'''

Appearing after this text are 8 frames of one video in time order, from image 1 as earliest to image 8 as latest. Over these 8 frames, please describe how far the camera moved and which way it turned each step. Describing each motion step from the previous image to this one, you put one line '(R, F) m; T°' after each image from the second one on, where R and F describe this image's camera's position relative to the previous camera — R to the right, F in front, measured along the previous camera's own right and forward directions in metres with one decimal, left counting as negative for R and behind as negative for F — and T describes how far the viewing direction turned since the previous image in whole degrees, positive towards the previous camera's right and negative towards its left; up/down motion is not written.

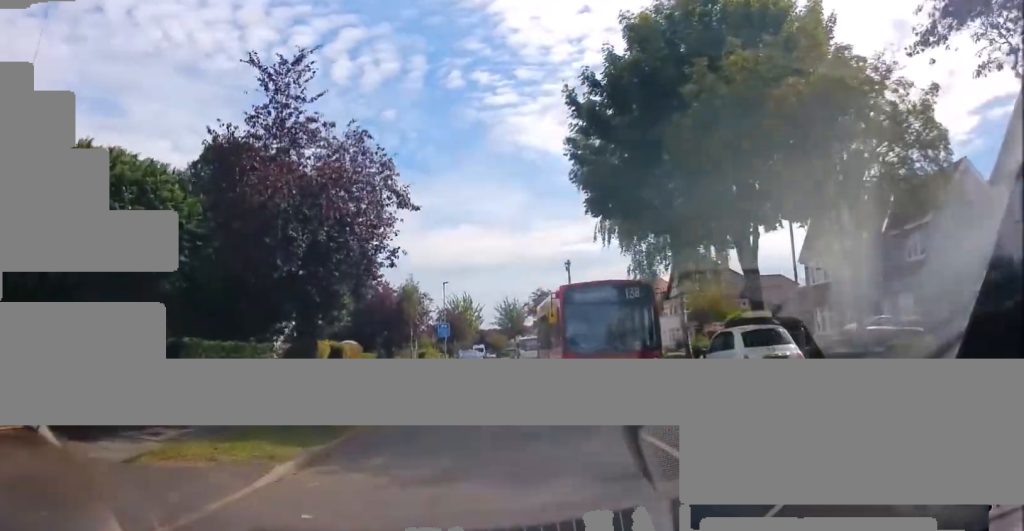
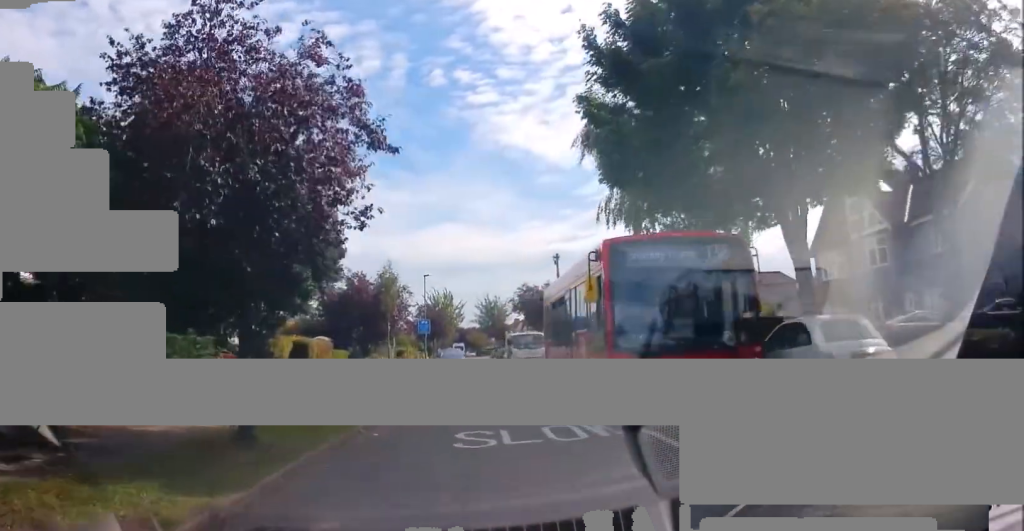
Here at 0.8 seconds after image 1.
(0.0, +3.4) m; 0°
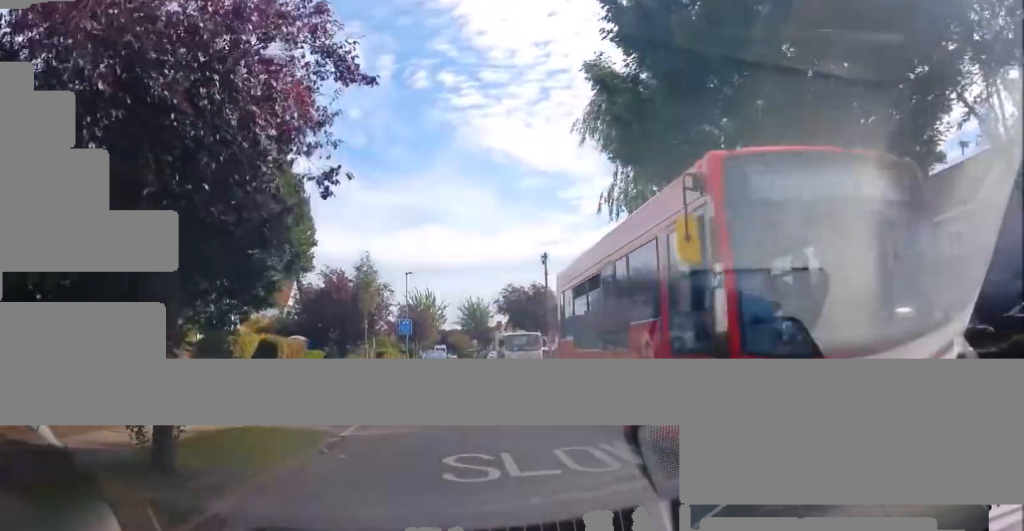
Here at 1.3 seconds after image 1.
(0.0, +2.2) m; +1°
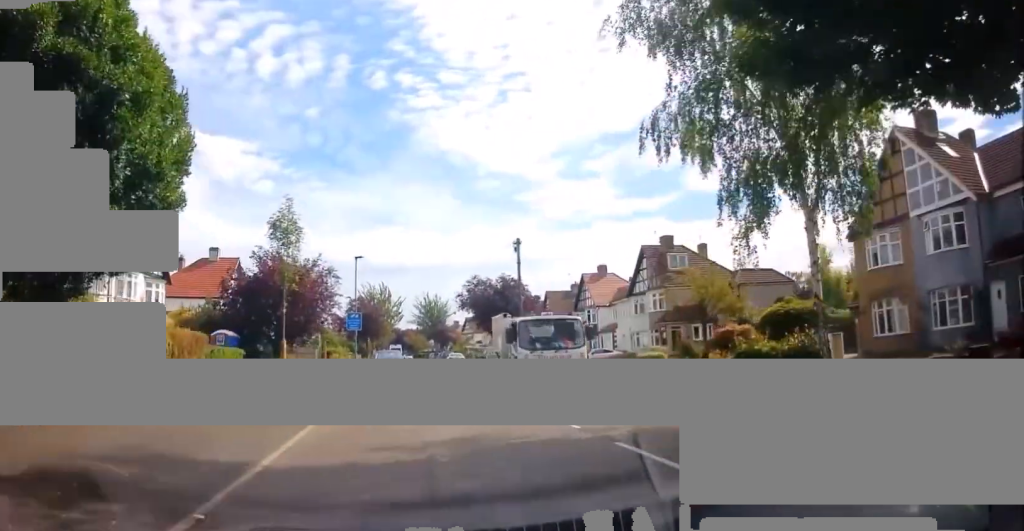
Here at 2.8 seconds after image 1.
(-0.1, +6.7) m; -4°
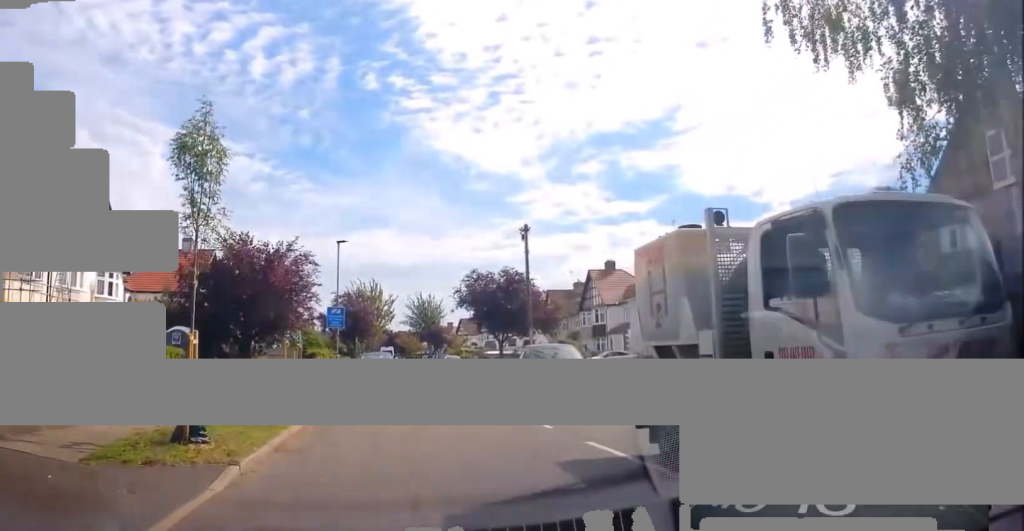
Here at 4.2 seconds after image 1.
(0.0, +5.3) m; +7°
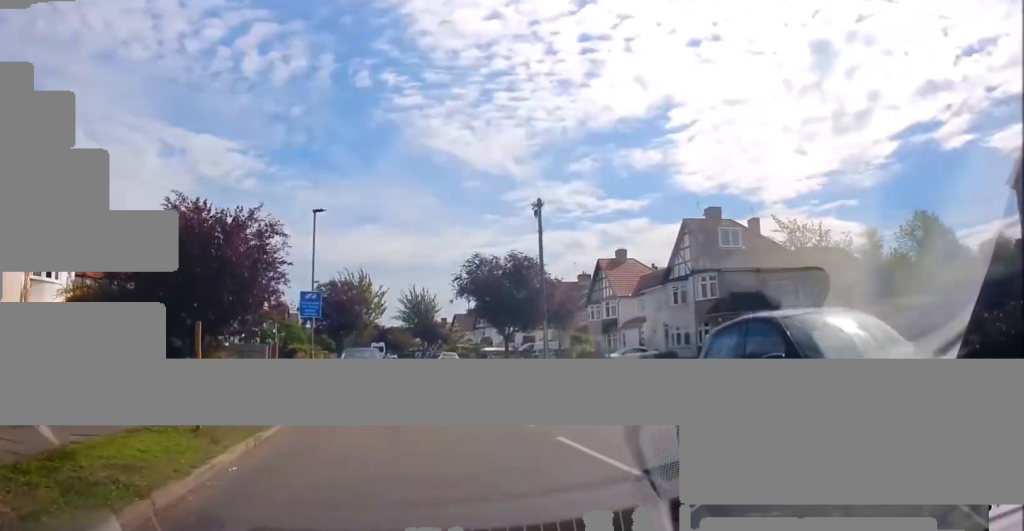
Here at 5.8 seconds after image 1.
(+0.5, +5.5) m; +5°
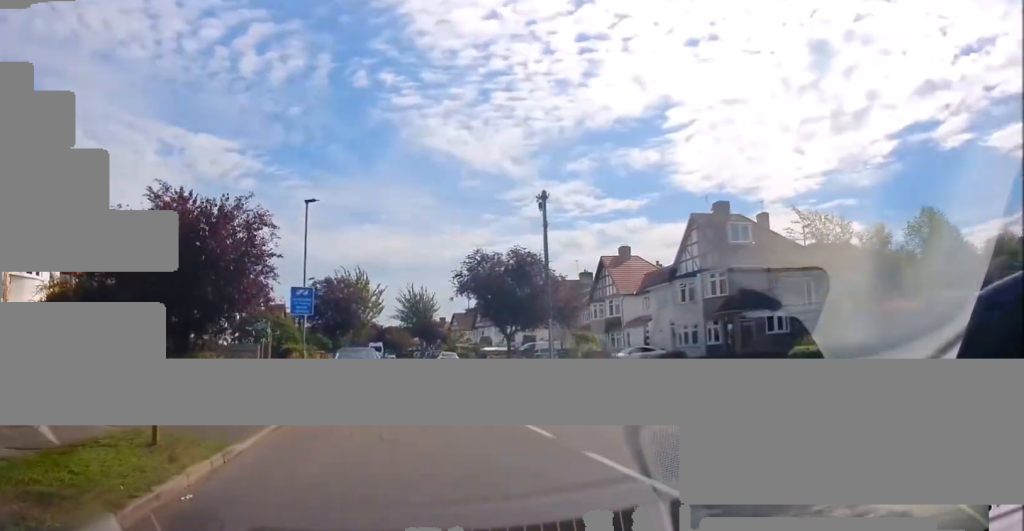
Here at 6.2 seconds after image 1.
(0.0, +1.4) m; -1°
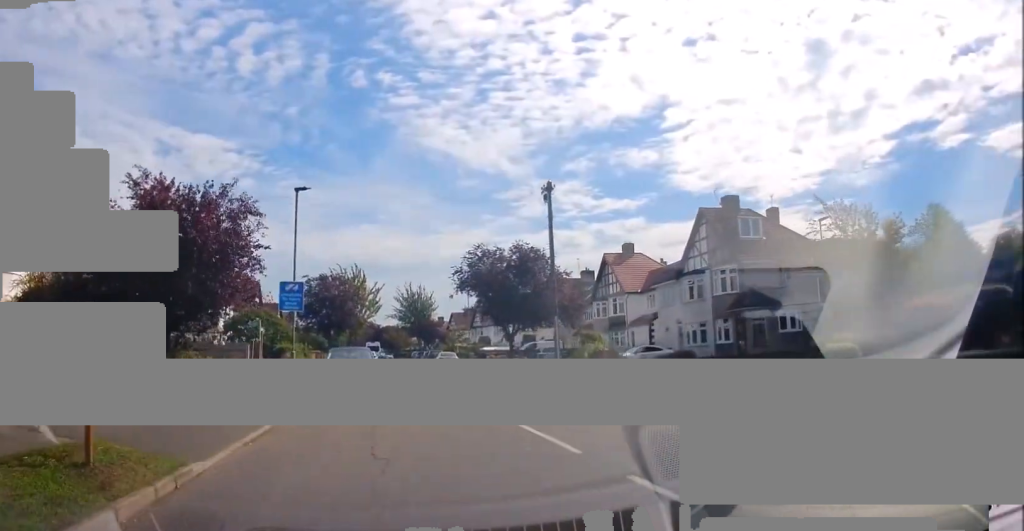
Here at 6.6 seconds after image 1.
(0.0, +1.5) m; -1°

'''

- [EXERCISE AIM]: I need the lines from the line containing "Here at 6.2 seconds after image 1." through the final line of the listing duplicated exactly, both ends included, with no pictures and nothing else.

- [RESPONSE]:
Here at 6.2 seconds after image 1.
(0.0, +1.4) m; -1°
Here at 6.6 seconds after image 1.
(0.0, +1.5) m; -1°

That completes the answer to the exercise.